Sude ended up going to Turkey to study medicine. She was an international student there too since she never got the Turkish citizenship through her father’s side.
Asked why she is not a Turkish citizen, Sude says she was hesitant to apply because of Ankara’s treatment of the Turkish Cypriot opposition.
“I have always been a peace activist,” she explains. “I was a little girl when I attended my first bicommunal children’s camp. I was scared of what this would mean for me if I attempted to get Turkish citizenship. In Turkey, it is enough to say ‘I want peace in Cyprus’ to be blacklisted. I witnessed for years that Turkish Cypriot intellectuals and progressive people were banned from entering Turkey.”

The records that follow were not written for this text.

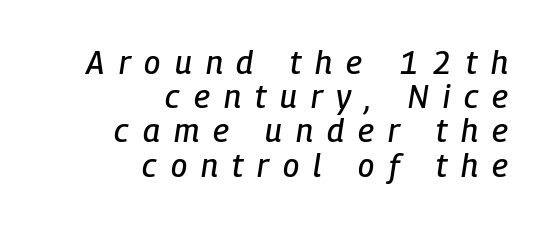
Q: Is the text italic (slanted)? A: Yes, it leans right by about 9 degrees.
Q: Is the text underlined? A: No.
Q: How is the paragraph aligned? A: Right-aligned.
Q: Is the spacing between letters normal or unusually wide? A: Unusually wide.
Q: Is the spacing between lines tight, normal or loose? A: Tight.
Q: Width (condensed, normal, or wide)? A: Condensed.
Q: Stroke contrast? A: Low.
Q: x-height? A: Medium.
Q: Monospaced? A: No.
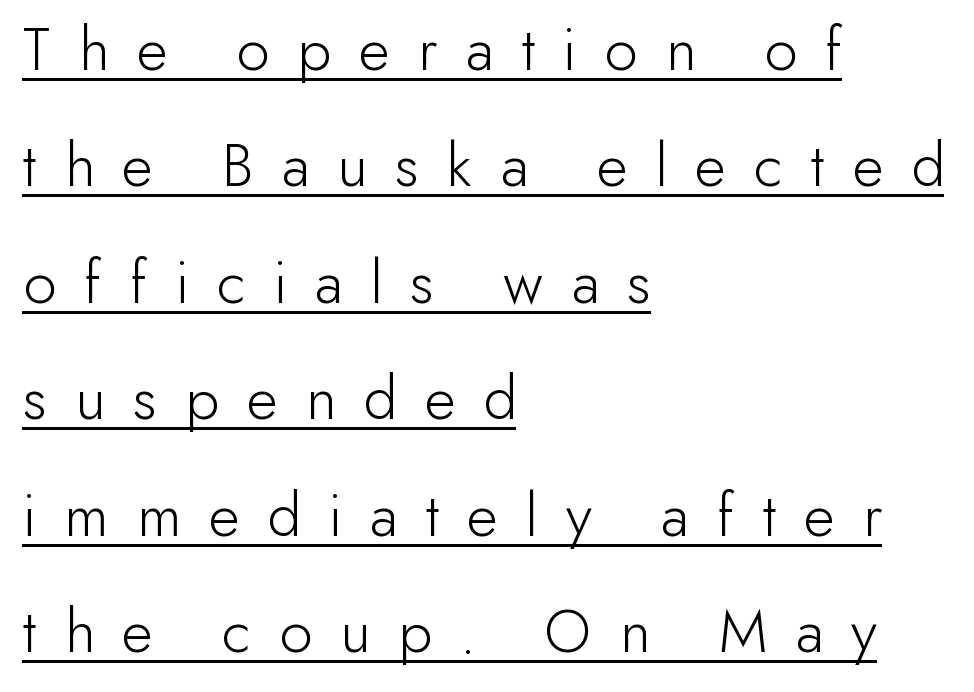
The image shows 64 px light sans-serif type, upright; set left-aligned, line spacing 1.82x, unusually wide letter spacing (+0.44 em), underlined; low stroke contrast and a small x-height.
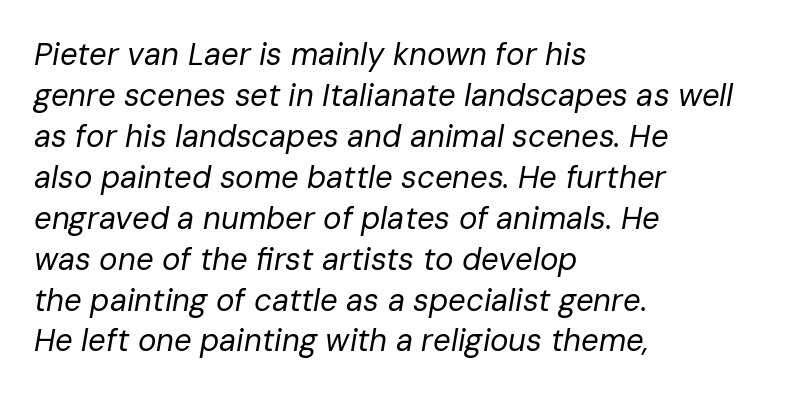
Successive baselines arrive at the customary interval. Spacing verdict: proportional, widths tailored to each character. Stem width sits at or under what a default text font uses. Anything drawn beneath the words? Only blank space.
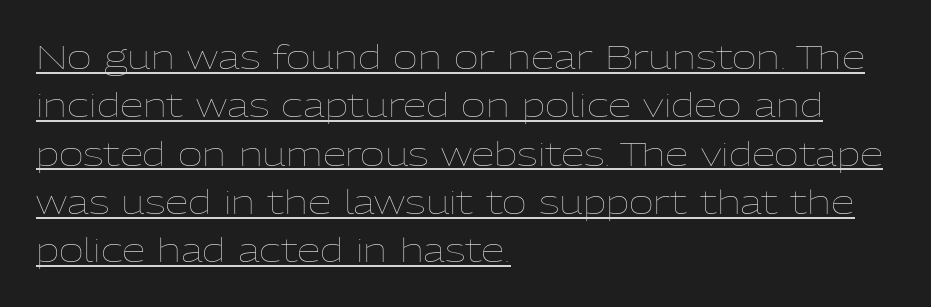
Q: Is the text bold? A: No.
Q: Is the text italic (slanted)? A: No, it is upright.
Q: Is the text underlined? A: Yes.
Q: How is the paragraph aligned? A: Left-aligned.
Q: Is the spacing between letters normal or unusually wide? A: Normal.
Q: Is the spacing between lines tight, normal or loose? A: Normal.
Q: Width (condensed, normal, or wide)? A: Normal.
Q: Stroke contrast? A: Low.
Q: x-height? A: Medium.
Q: Monospaced? A: No.
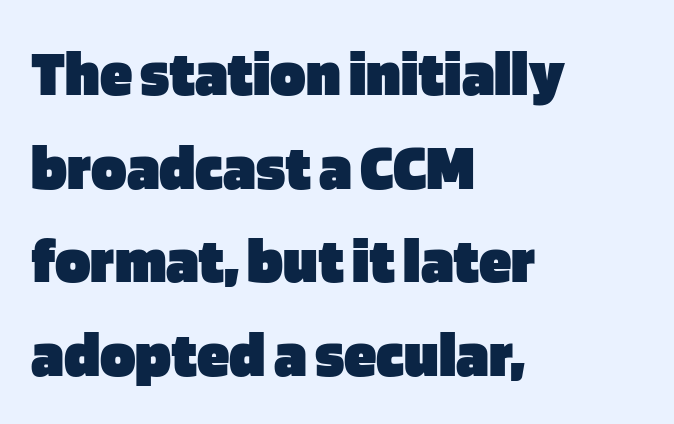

At least 12 Turkish Cypriot activists, unionists, intellectuals and journalists have been denied entry to Turkey in recent years on the grounds that they pose a threat to Turkey’s “national security”. Many face trials in absentia in Turkey.
As she became increasingly visible after establishing the Movement for the Resolution of Mixed Marriage Problem (KESCH), studying in Turkey became more stressful and Sude transferred to the University of Nicosia in Cyprus in September last year.
“I am now back in my country, but again as an international student,” she remarks.
Sude is less scared of her safety than getting completely physically confined to Cyprus as a result of the ongoing attacks.
“If I am banned from entering Turkey, this means I can never go out of Cyprus ever again,” she says, since she can currently only travel to Turkey. “Is this incident going to imprison me here? This scares me a lot because I am still in university. I dream of going abroad for further studies and coming back to Cyprus to do much bigger things for all Cypriots. But I don’t know if I will be able to do this after all that’s happening.”
Sude wants to study law after graduating from medical school.
Earlier this week, the government of Cyprus announced a series of unilateral measures for Turkish Cypriots, which includes the intention to start evaluating the suspended citizenship applications of Turkish Cypriot children of mixed marriages.
Sude doesn’t think that it’s a coincidence that the attacks against her came just after the announcement.
“I would like to thank,” the Republic of Cyprus, she says. “This is a small step, but definitely a step in the right direction. This problem cannot be solved overnight. It will have to be solved in stages. They took the first step. This means they heard our voice, and they value it.”
Last week, the European parliament’s petitions committee, deliberating on the citizenship rights of children born of mixed marriages, resolved to keep the petition active and decided to reach out to the Cypriot government with a formal request to clarify the intended measures for addressing the issue.
“I am a foreigner in Turkey. I am a foreigner in the Republic of Cyprus,” concludes Sude. “Where do I belong? This emotional turmoil led me to undertake the struggle for children of mixed marriages. And I will continue until it is solved. The Turkish Cypriots had their hopes shattered too many times. I do not want to give up and be another reason why their hopes are shattered one more time.”